=== Problem description ===
Working from the records below, repeat exactly the lines starting at the line that contains "35.453 27.454 35.453" and ending at the line that contains "C9.201,0 0,9.178 0,20.5", inclusive.

=== Records ===
○ ○ ○ ○ ○ ○ ○

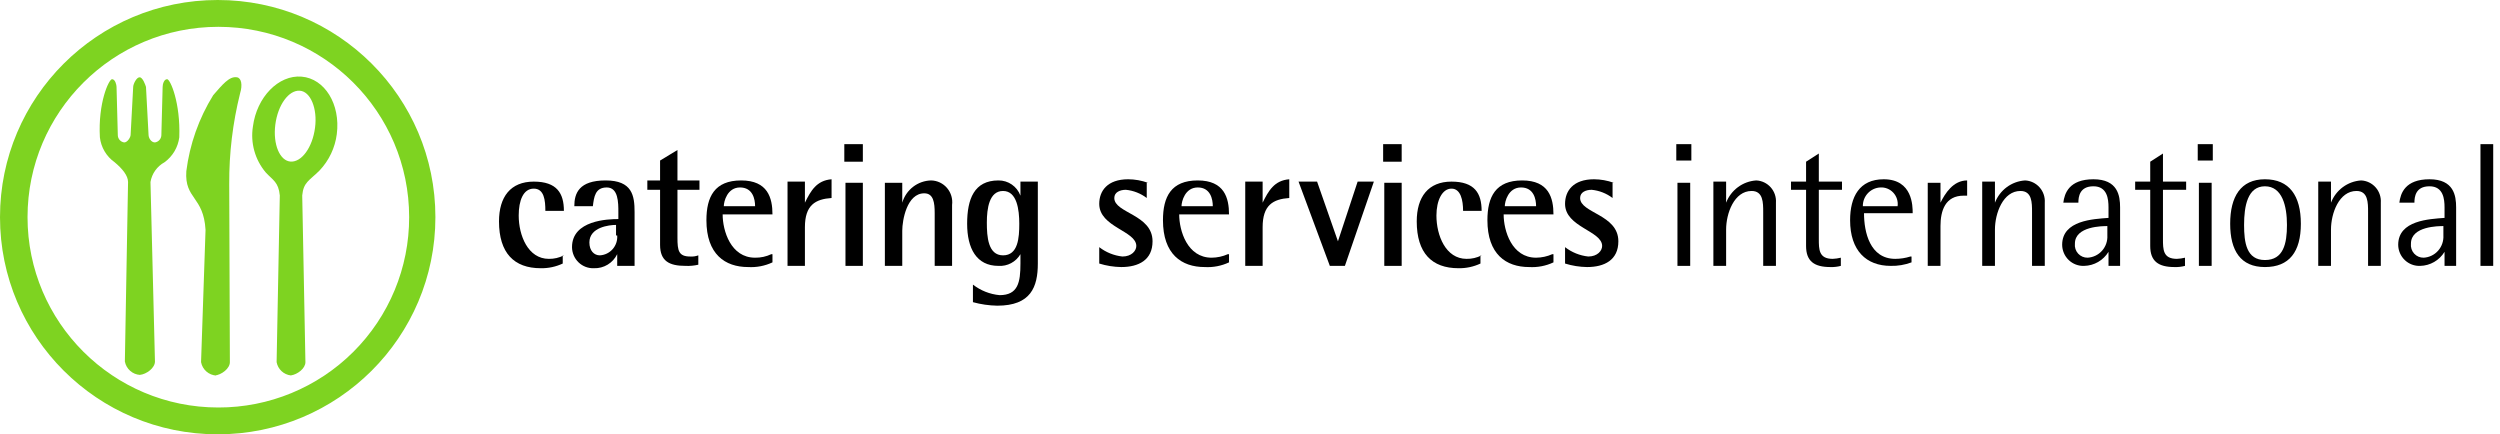 <?xml version="1.0" encoding="UTF-8"?>
<svg width="236px" height="41px" viewBox="0 0 236 41" version="1.1" xmlns="http://www.w3.org/2000/svg" xmlns:xlink="http://www.w3.org/1999/xlink">
    <!-- Generator: Sketch 43.1 (39012) - http://www.bohemiancoding.com/sketch -->
    <title>CSI_MobileLogo</title>
    <desc>Created with Sketch.</desc>
    <defs></defs>
    <g id="Symbols" stroke="none" stroke-width="1" fill="none" fill-rule="evenodd">
        <g id="CSI_MobileLogo" fill-rule="nonzero">
            <g id="Group-8">
                <g id="Group-7" fill="#7ED321">
                    <polygon id="Shape" points="27.563 35.453 27.454 35.453 27.382 35.453"></polygon>
                    <path d="M28.47,7.235 C26.294,7.054 24.238,9.165 23.876,11.938 C23.629,13.492 24.07,15.075 25.085,16.279 C25.75,17.003 26.294,17.184 26.414,18.45 C26.414,18.39 26.112,34.187 26.112,34.187 C26.235,34.853 26.779,35.362 27.454,35.441 C28.101,35.344 28.832,34.772 28.832,34.187 C28.832,34.126 28.53,18.39 28.53,18.45 C28.651,17.184 29.195,17.063 30.162,16.099 C31.058,15.155 31.629,13.951 31.794,12.662 C32.157,9.828 30.646,7.416 28.47,7.235 Z M29.739,12.059 C29.497,13.928 28.47,15.315 27.442,15.254 C26.414,15.194 25.75,13.626 25.991,11.757 C26.233,9.888 27.261,8.501 28.288,8.562 C29.316,8.622 29.981,10.25 29.739,12.059 Z" id="Shape"></path>
                    <path d="M19.403,21.706 C19.221,18.51 17.408,18.812 17.589,16.159 C17.91,13.613 18.776,11.166 20.128,8.984 C20.974,8.019 21.639,7.175 22.365,7.296 C22.788,7.356 22.909,8.019 22.667,8.803 C21.968,11.603 21.623,14.479 21.639,17.365 C21.639,17.365 21.7,34.126 21.7,34.187 C21.7,34.79 20.914,35.393 20.249,35.453 L20.43,35.453 C19.711,35.417 19.111,34.893 18.98,34.187 L19.403,21.706 L19.403,21.706 Z" id="Shape"></path>
                    <path d="M20.551,0 C9.201,0 0,9.178 0,20.5 C0,31.822 9.201,41 20.551,41 C31.901,41 41.102,31.822 41.102,20.5 C41.102,9.178 31.901,0 20.551,0 Z M20.612,38.468 C10.664,38.468 2.599,30.423 2.599,20.5 C2.599,10.577 10.664,2.532 20.612,2.532 C30.56,2.532 38.624,10.577 38.624,20.5 C38.632,25.268 36.737,29.843 33.357,33.214 C29.978,36.585 25.391,38.476 20.612,38.468 L20.612,38.468 Z" id="Shape"></path>
                    <path d="M13.237,35.393 C12.518,35.357 11.918,34.833 11.787,34.126 C11.787,34.126 12.089,17.063 12.089,17.184 C12.089,16.581 11.545,15.918 10.82,15.315 C10.042,14.764 9.536,13.909 9.429,12.963 C9.248,9.707 10.276,7.476 10.578,7.476 C10.88,7.476 11.001,8.019 11.001,8.2 L11.001,8.2 L11.122,12.782 C11.136,13.12 11.391,13.399 11.726,13.446 C12.029,13.446 12.331,12.963 12.331,12.722 L12.573,8.2 C12.573,7.959 12.875,7.296 13.177,7.296 C13.479,7.296 13.721,8.019 13.781,8.2 L14.023,12.722 C14.023,13.024 14.265,13.446 14.628,13.446 C14.961,13.395 15.213,13.118 15.232,12.782 L15.353,8.2 L15.353,8.2 C15.353,7.959 15.474,7.476 15.776,7.476 C16.078,7.476 17.045,9.707 16.925,12.963 C16.803,13.904 16.301,14.754 15.534,15.315 C14.827,15.701 14.336,16.39 14.205,17.184 C14.205,17.124 14.628,34.126 14.628,34.126 C14.628,34.729 13.842,35.332 13.177,35.393 L13.237,35.393 Z" id="Shape"></path>
                </g>
                <g id="Group-3" transform="translate(47, 13)" fill="#000000">
                    <path d="M6.232,11.105 C5.792,11.331 5.303,11.445 4.81,11.436 C2.841,11.436 1.966,9.226 1.966,7.348 C1.966,5.912 2.403,4.807 3.388,4.807 C4.372,4.807 4.482,5.912 4.482,6.906 L6.232,6.906 C6.232,5.249 5.576,4.144 3.388,4.144 C1.2,4.144 0.106,5.58 0.106,7.901 C0.106,10.884 1.528,12.32 4.044,12.32 C4.761,12.334 5.472,12.183 6.122,11.878 L6.122,11.105 L6.232,11.105 Z" id="Shape"></path>
                    <path d="M11.264,12.099 L12.904,12.099 L12.904,7.017 C12.904,5.47 12.686,4.033 10.17,4.033 C7.654,4.033 7.216,5.249 7.216,6.464 L8.966,6.464 C9.076,5.58 9.185,4.696 10.279,4.696 C11.373,4.696 11.373,6.133 11.373,7.017 L11.373,7.68 C10.389,7.68 6.998,7.79 6.998,10.331 C7.003,10.877 7.227,11.396 7.619,11.771 C8.011,12.146 8.537,12.344 9.076,12.32 C10,12.351 10.856,11.832 11.264,10.994 L11.264,10.994 L11.264,12.099 L11.264,12.099 Z M11.264,9.226 C11.3,9.697 11.146,10.162 10.836,10.516 C10.527,10.87 10.089,11.082 9.623,11.105 C9.076,11.105 8.638,10.663 8.638,9.889 C8.638,8.453 10.498,8.232 11.154,8.232 L11.154,9.226 L11.264,9.226 Z" id="Shape"></path>
                    <path d="M18.921,11.105 C18.676,11.196 18.415,11.233 18.155,11.215 C17.061,11.215 16.952,10.663 16.952,9.447 L16.952,4.917 L19.03,4.917 L19.03,4.033 L16.952,4.033 L16.952,1.16 L15.311,2.155 L15.311,4.033 L14.108,4.033 L14.108,4.917 L15.311,4.917 L15.311,10.11 C15.311,11.657 16.186,12.099 17.717,12.099 C18.122,12.118 18.526,12.08 18.921,11.989 L18.921,11.105 L18.921,11.105 Z" id="Shape"></path>
                    <path d="M25.812,10.994 C25.333,11.221 24.809,11.334 24.281,11.326 C21.983,11.326 21.218,8.784 21.218,7.238 L25.921,7.238 C25.921,5.691 25.484,4.033 22.968,4.033 C20.452,4.033 19.686,5.58 19.686,7.79 C19.686,10.994 21.436,12.21 23.624,12.21 C24.414,12.256 25.203,12.105 25.921,11.768 L25.921,10.994 L25.812,10.994 Z M21.327,6.464 C21.327,6.022 21.655,4.696 22.858,4.696 C24.062,4.696 24.281,5.801 24.281,6.464 L21.327,6.464 Z" id="Shape"></path>
                    <path d="M27.343,12.099 L28.984,12.099 L28.984,8.453 C28.984,6.354 29.969,5.801 31.5,5.691 L31.5,3.923 C30.078,4.033 29.531,5.028 28.984,6.133 L28.984,6.133 L28.984,4.144 L27.343,4.144 L27.343,12.099 Z" id="Shape"></path>
                    <path d="M32.813,12.099 L34.453,12.099 L34.453,4.254 L32.813,4.254 L32.813,12.099 Z M32.703,2.265 L34.453,2.265 L34.453,0.608 L32.703,0.608 L32.703,2.265 Z" id="Shape"></path>
                    <path d="M36.532,12.099 L38.173,12.099 L38.173,8.784 C38.173,7.79 38.61,5.249 40.251,5.249 C41.126,5.249 41.235,6.133 41.235,7.127 L41.235,12.099 L42.876,12.099 L42.876,6.354 C42.951,5.776 42.779,5.193 42.403,4.75 C42.028,4.308 41.484,4.047 40.907,4.033 C39.64,4.057 38.534,4.906 38.173,6.133 L38.173,6.133 L38.173,4.254 L36.532,4.254 L36.532,12.099 L36.532,12.099 Z" id="Shape"></path>
                    <path d="M50.971,4.144 L49.33,4.144 L49.33,5.47 L49.33,5.47 C49.007,4.596 48.175,4.021 47.252,4.033 C44.954,4.033 44.298,5.801 44.298,8.121 C44.298,10.442 45.173,12.099 47.252,12.099 C48.095,12.156 48.899,11.729 49.33,10.994 L49.33,10.994 L49.33,11.878 C49.33,13.646 49.111,14.862 47.361,14.862 C46.446,14.777 45.574,14.432 44.845,13.867 L44.845,15.525 C45.594,15.73 46.366,15.842 47.142,15.856 C50.314,15.856 50.971,14.088 50.971,11.878 L50.971,4.144 L50.971,4.144 Z M46.158,8.011 C46.158,6.685 46.376,5.028 47.689,5.028 C49.002,5.028 49.22,6.796 49.22,8.121 C49.22,9.447 49.111,11.105 47.689,11.105 C46.267,11.105 46.158,9.337 46.158,8.011 Z" id="Shape"></path>
                    <path d="M61.362,4.254 C60.765,4.039 60.137,3.927 59.503,3.923 C57.534,3.923 56.768,5.028 56.768,6.243 C56.768,8.453 60.268,8.784 60.268,10.221 C60.268,10.663 59.831,11.215 58.956,11.215 C58.16,11.128 57.404,10.823 56.768,10.331 L56.768,11.878 C57.442,12.088 58.142,12.2 58.846,12.21 C60.487,12.21 61.8,11.547 61.8,9.779 C61.8,7.238 58.19,7.127 58.19,5.691 C58.19,5.138 58.737,4.917 59.284,4.917 C59.998,4.988 60.679,5.256 61.253,5.691 L61.253,4.254 L61.362,4.254 Z" id="Shape"></path>
                    <path d="M68.91,10.994 C68.427,11.209 67.906,11.322 67.379,11.326 C65.081,11.326 64.316,8.784 64.316,7.238 L69.019,7.238 C69.019,5.691 68.582,4.033 66.066,4.033 C63.55,4.033 62.784,5.58 62.784,7.79 C62.784,10.994 64.535,12.21 66.722,12.21 C67.512,12.256 68.302,12.105 69.019,11.768 L69.019,10.994 L68.91,10.994 Z M64.535,6.464 C64.535,6.022 64.863,4.696 66.066,4.696 C67.269,4.696 67.488,5.801 67.488,6.464 L64.535,6.464 Z" id="Shape"></path>
                    <path d="M70.551,12.099 L72.192,12.099 L72.192,8.453 C72.192,6.354 73.176,5.801 74.707,5.691 L74.707,3.923 C73.285,4.033 72.738,5.028 72.192,6.133 L72.192,6.133 L72.192,4.144 L70.551,4.144 L70.551,12.099 Z" id="Shape"></path>
                    <polygon id="Shape" points="78.536 12.099 79.958 12.099 82.693 4.144 81.161 4.144 79.302 9.779 79.302 9.779 77.333 4.144 75.582 4.144"></polygon>
                    <path d="M83.677,12.099 L85.318,12.099 L85.318,4.254 L83.677,4.254 L83.677,12.099 Z M83.568,2.265 L85.318,2.265 L85.318,0.608 L83.568,0.608 L83.568,2.265 Z" id="Shape"></path>
                    <path d="M92.865,11.105 C92.425,11.331 91.937,11.445 91.443,11.436 C89.474,11.436 88.599,9.226 88.599,7.348 C88.599,5.912 89.146,4.807 90.021,4.807 C90.897,4.807 91.115,5.912 91.115,6.906 L92.865,6.906 C92.865,5.249 92.209,4.144 90.021,4.144 C87.834,4.144 86.74,5.58 86.74,7.901 C86.74,10.884 88.162,12.32 90.678,12.32 C91.395,12.334 92.105,12.183 92.756,11.878 L92.756,11.105 L92.865,11.105 Z" id="Shape"></path>
                    <path d="M99.538,10.994 C99.055,11.209 98.534,11.322 98.007,11.326 C95.709,11.326 94.944,8.784 94.944,7.238 L99.647,7.238 C99.647,5.691 99.21,4.033 96.694,4.033 C94.178,4.033 93.412,5.58 93.412,7.79 C93.412,10.994 95.163,12.21 97.35,12.21 C98.14,12.256 98.93,12.105 99.647,11.768 L99.647,10.994 L99.538,10.994 Z M95.053,6.464 C95.053,6.022 95.381,4.696 96.585,4.696 C97.788,4.696 98.007,5.801 98.007,6.464 L95.053,6.464 Z" id="Shape"></path>
                    <path d="M105.335,4.254 C104.738,4.039 104.11,3.927 103.476,3.923 C101.507,3.923 100.741,5.028 100.741,6.243 C100.741,8.453 104.242,8.784 104.242,10.221 C104.242,10.663 103.804,11.215 102.929,11.215 C102.133,11.128 101.377,10.823 100.741,10.331 L100.741,11.878 C101.415,12.088 102.115,12.2 102.82,12.21 C104.46,12.21 105.773,11.547 105.773,9.779 C105.773,7.238 102.163,7.127 102.163,5.691 C102.163,5.138 102.71,4.917 103.257,4.917 C103.971,4.988 104.652,5.256 105.226,5.691 L105.226,4.254 L105.335,4.254 Z" id="Shape"></path>
                    <path d="M111.352,12.099 L112.555,12.099 L112.555,4.254 L111.352,4.254 L111.352,12.099 Z M111.242,2.155 L112.664,2.155 L112.664,0.608 L111.242,0.608 L111.242,2.155 Z" id="Shape"></path>
                    <path d="M114.743,12.099 L115.946,12.099 L115.946,8.674 C115.946,7.127 116.712,5.028 118.352,5.028 C119.446,5.028 119.446,6.133 119.446,7.017 L119.446,12.099 L120.649,12.099 L120.649,6.133 C120.685,5.603 120.508,5.082 120.158,4.687 C119.808,4.291 119.315,4.056 118.79,4.033 C117.519,4.116 116.41,4.935 115.946,6.133 L115.946,6.133 L115.946,4.144 L114.743,4.144 L114.743,12.099 Z" id="Shape"></path>
                    <path d="M126.775,11.326 C126.524,11.388 126.268,11.425 126.009,11.436 C124.697,11.436 124.697,10.552 124.697,9.558 L124.697,4.917 L126.884,4.917 L126.884,4.144 L124.697,4.144 L124.697,1.492 L123.493,2.265 L123.493,4.144 L122.071,4.144 L122.071,4.917 L123.493,4.917 L123.493,10.221 C123.493,11.657 124.259,12.21 125.791,12.21 C126.122,12.222 126.454,12.185 126.775,12.099 L126.775,11.326 L126.775,11.326 Z" id="Shape"></path>
                    <path d="M133.338,11.215 C132.878,11.36 132.398,11.434 131.916,11.436 C129.51,11.436 128.963,8.895 128.963,7.127 L133.557,7.127 C133.557,6.464 133.557,3.923 130.822,3.923 C128.525,3.923 127.65,5.58 127.65,7.79 C127.65,10.663 129.182,12.099 131.479,12.099 C132.15,12.116 132.818,12.003 133.448,11.768 L133.448,11.215 L133.338,11.215 Z M128.853,6.464 C128.84,5.525 129.565,4.744 130.494,4.696 C130.958,4.666 131.41,4.846 131.728,5.189 C132.045,5.531 132.195,5.999 132.135,6.464 L128.853,6.464 Z" id="Shape"></path>
                    <path d="M134.979,12.099 L136.182,12.099 L136.182,8.342 C136.182,6.906 136.62,5.47 138.37,5.47 L138.698,5.47 L138.698,4.033 C137.386,4.033 136.62,5.249 136.182,6.133 L136.182,6.133 L136.182,4.254 L134.979,4.254 L134.979,12.099 Z" id="Shape"></path>
                    <path d="M140.12,12.099 L141.323,12.099 L141.323,8.674 C141.323,7.127 142.089,5.028 143.73,5.028 C144.824,5.028 144.824,6.133 144.824,7.017 L144.824,12.099 L146.027,12.099 L146.027,6.133 C146.063,5.603 145.886,5.082 145.536,4.687 C145.185,4.291 144.692,4.056 144.167,4.033 C142.896,4.116 141.788,4.935 141.323,6.133 L141.323,6.133 L141.323,4.144 L140.12,4.144 L140.12,12.099 Z" id="Shape"></path>
                    <path d="M151.934,12.099 L153.137,12.099 L153.137,6.575 C153.137,5.47 152.918,3.923 150.621,3.923 C148.324,3.923 147.887,5.249 147.777,6.133 L149.199,6.133 C149.199,5.58 149.309,4.586 150.621,4.586 C151.934,4.586 152.043,5.801 152.043,6.575 L152.043,7.569 C150.621,7.68 147.668,7.79 147.668,10.11 C147.673,10.656 147.897,11.175 148.289,11.55 C148.681,11.925 149.207,12.123 149.746,12.099 C150.685,12.08 151.55,11.58 152.043,10.773 L152.043,10.773 L152.043,12.099 L151.934,12.099 Z M151.934,9.226 C151.964,9.754 151.784,10.272 151.435,10.666 C151.087,11.06 150.597,11.297 150.074,11.326 C149.733,11.334 149.405,11.193 149.174,10.939 C148.944,10.685 148.833,10.343 148.871,10 C148.871,8.342 151.496,8.342 151.934,8.342 L151.934,9.226 L151.934,9.226 Z" id="Shape"></path>
                    <path d="M159.263,11.326 C159.012,11.388 158.755,11.425 158.497,11.436 C157.184,11.436 157.184,10.552 157.184,9.558 L157.184,4.917 L159.372,4.917 L159.372,4.144 L157.184,4.144 L157.184,1.492 L155.981,2.265 L155.981,4.144 L154.559,4.144 L154.559,4.917 L155.981,4.917 L155.981,10.221 C155.981,11.657 156.747,12.21 158.278,12.21 C158.61,12.222 158.942,12.185 159.263,12.099 L159.263,11.326 L159.263,11.326 Z" id="Shape"></path>
                    <path d="M160.575,12.099 L161.779,12.099 L161.779,4.254 L160.575,4.254 L160.575,12.099 Z M160.466,2.155 L161.888,2.155 L161.888,0.608 L160.466,0.608 L160.466,2.155 Z" id="Shape"></path>
                    <path d="M166.81,12.21 C169.107,12.21 170.201,10.773 170.201,8.121 C170.201,5.47 169.107,3.923 166.81,3.923 C164.513,3.923 163.529,5.58 163.529,8.121 C163.529,10.663 164.513,12.21 166.81,12.21 Z M164.841,8.232 C164.841,6.464 165.17,4.586 166.81,4.586 C168.451,4.586 168.889,6.464 168.889,8.232 C168.889,10 168.56,11.547 166.81,11.547 C165.06,11.547 164.841,9.889 164.841,8.232 Z" id="Shape"></path>
                    <path d="M171.842,12.099 L173.045,12.099 L173.045,8.674 C173.045,7.127 173.811,5.028 175.452,5.028 C176.546,5.028 176.546,6.133 176.546,7.017 L176.546,12.099 L177.749,12.099 L177.749,6.133 C177.785,5.603 177.608,5.082 177.257,4.687 C176.907,4.291 176.414,4.056 175.889,4.033 C174.618,4.116 173.51,4.935 173.045,6.133 L173.045,6.133 L173.045,4.144 L171.842,4.144 L171.842,12.099 Z" id="Shape"></path>
                    <path d="M183.656,12.099 L184.859,12.099 L184.859,6.575 C184.859,5.47 184.64,3.923 182.343,3.923 C180.046,3.923 179.608,5.249 179.499,6.133 L180.921,6.133 C180.921,5.58 181.03,4.586 182.343,4.586 C183.656,4.586 183.765,5.801 183.765,6.575 L183.765,7.569 C182.343,7.68 179.39,7.79 179.39,10.11 C179.395,10.656 179.619,11.175 180.011,11.55 C180.403,11.925 180.929,12.123 181.468,12.099 C182.407,12.08 183.272,11.58 183.765,10.773 L183.765,10.773 L183.765,12.099 L183.656,12.099 Z M183.656,9.226 C183.686,9.754 183.506,10.272 183.157,10.666 C182.808,11.06 182.319,11.297 181.796,11.326 C181.455,11.334 181.127,11.193 180.896,10.939 C180.665,10.685 180.555,10.343 180.593,10 C180.593,8.342 183.218,8.342 183.656,8.342 L183.656,9.226 L183.656,9.226 Z" id="Shape"></path>
                    <polygon id="Shape" points="187.156 12.099 188.359 12.099 188.359 0.608 187.156 0.608"></polygon>
                </g>
            </g>
        </g>
    </g>
</svg>

○ ○ ○ ○ ○ ○ ○

=== Result ===
                    <polygon id="Shape" points="27.563 35.453 27.454 35.453 27.382 35.453"></polygon>
                    <path d="M28.47,7.235 C26.294,7.054 24.238,9.165 23.876,11.938 C23.629,13.492 24.07,15.075 25.085,16.279 C25.75,17.003 26.294,17.184 26.414,18.45 C26.414,18.39 26.112,34.187 26.112,34.187 C26.235,34.853 26.779,35.362 27.454,35.441 C28.101,35.344 28.832,34.772 28.832,34.187 C28.832,34.126 28.53,18.39 28.53,18.45 C28.651,17.184 29.195,17.063 30.162,16.099 C31.058,15.155 31.629,13.951 31.794,12.662 C32.157,9.828 30.646,7.416 28.47,7.235 Z M29.739,12.059 C29.497,13.928 28.47,15.315 27.442,15.254 C26.414,15.194 25.75,13.626 25.991,11.757 C26.233,9.888 27.261,8.501 28.288,8.562 C29.316,8.622 29.981,10.25 29.739,12.059 Z" id="Shape"></path>
                    <path d="M19.403,21.706 C19.221,18.51 17.408,18.812 17.589,16.159 C17.91,13.613 18.776,11.166 20.128,8.984 C20.974,8.019 21.639,7.175 22.365,7.296 C22.788,7.356 22.909,8.019 22.667,8.803 C21.968,11.603 21.623,14.479 21.639,17.365 C21.639,17.365 21.7,34.126 21.7,34.187 C21.7,34.79 20.914,35.393 20.249,35.453 L20.43,35.453 C19.711,35.417 19.111,34.893 18.98,34.187 L19.403,21.706 L19.403,21.706 Z" id="Shape"></path>
                    <path d="M20.551,0 C9.201,0 0,9.178 0,20.5 C0,31.822 9.201,41 20.551,41 C31.901,41 41.102,31.822 41.102,20.5 C41.102,9.178 31.901,0 20.551,0 Z M20.612,38.468 C10.664,38.468 2.599,30.423 2.599,20.5 C2.599,10.577 10.664,2.532 20.612,2.532 C30.56,2.532 38.624,10.577 38.624,20.5 C38.632,25.268 36.737,29.843 33.357,33.214 C29.978,36.585 25.391,38.476 20.612,38.468 L20.612,38.468 Z" id="Shape"></path>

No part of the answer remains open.